Probably the Best Way to Use Your Arms

I said “probably” because I’m not 100% certain about any of my advice, but I can tell you from my own experience, and from watching lots of runners that I think my advice works.

You see people doing all kinds of different things with their arms. Some hold them quite low. Some hold them out from their body. And of course, many experts tell us that we should swing them only forward and back. As distance runners (meaning anything from 5k up to the marathon) we need to find a way of using them that helps us conserve energy, while aiding our forward locomotion.¬†Sprinters like Usain Bolt need to generate lots of power quickly over a short distance, so naturally they will swing their arms quite a bit. We shouldn’t do that.

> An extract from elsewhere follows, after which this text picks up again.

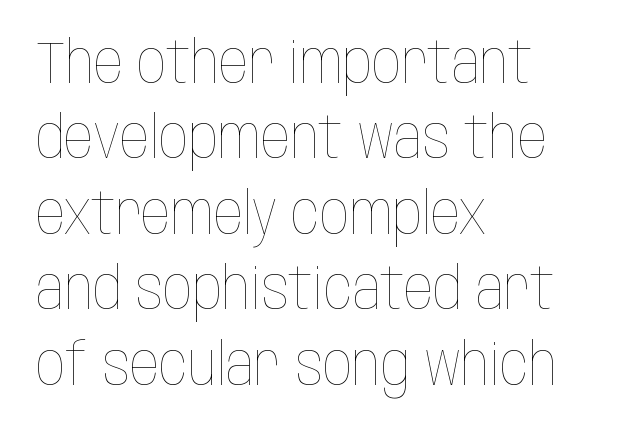
The image shows 58 px thin, condensed type, upright; set left-aligned, normal line spacing (1.3x), normal letter spacing, not underlined; low stroke contrast and a large x-height.
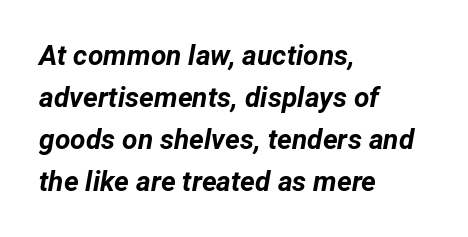
The image shows 28 px bold type, italic (leaning right); set left-aligned, normal line spacing (1.5x), normal letter spacing, not underlined; low stroke contrast and a medium x-height.

Let’s start with getting our arm carriage correct. Stand with your proper posture (within yourself, eyes down and ahead 10 ft. or so) and let your arms hang relaxed against your sides. Don’t hold them out from your body at all. Then simply bend your arms at the elbow until your hands are right in front of you chest (nipples). This should feel relaxed. Too many people hold their arms out from their body, and over the course of a race, this adds to fatigue.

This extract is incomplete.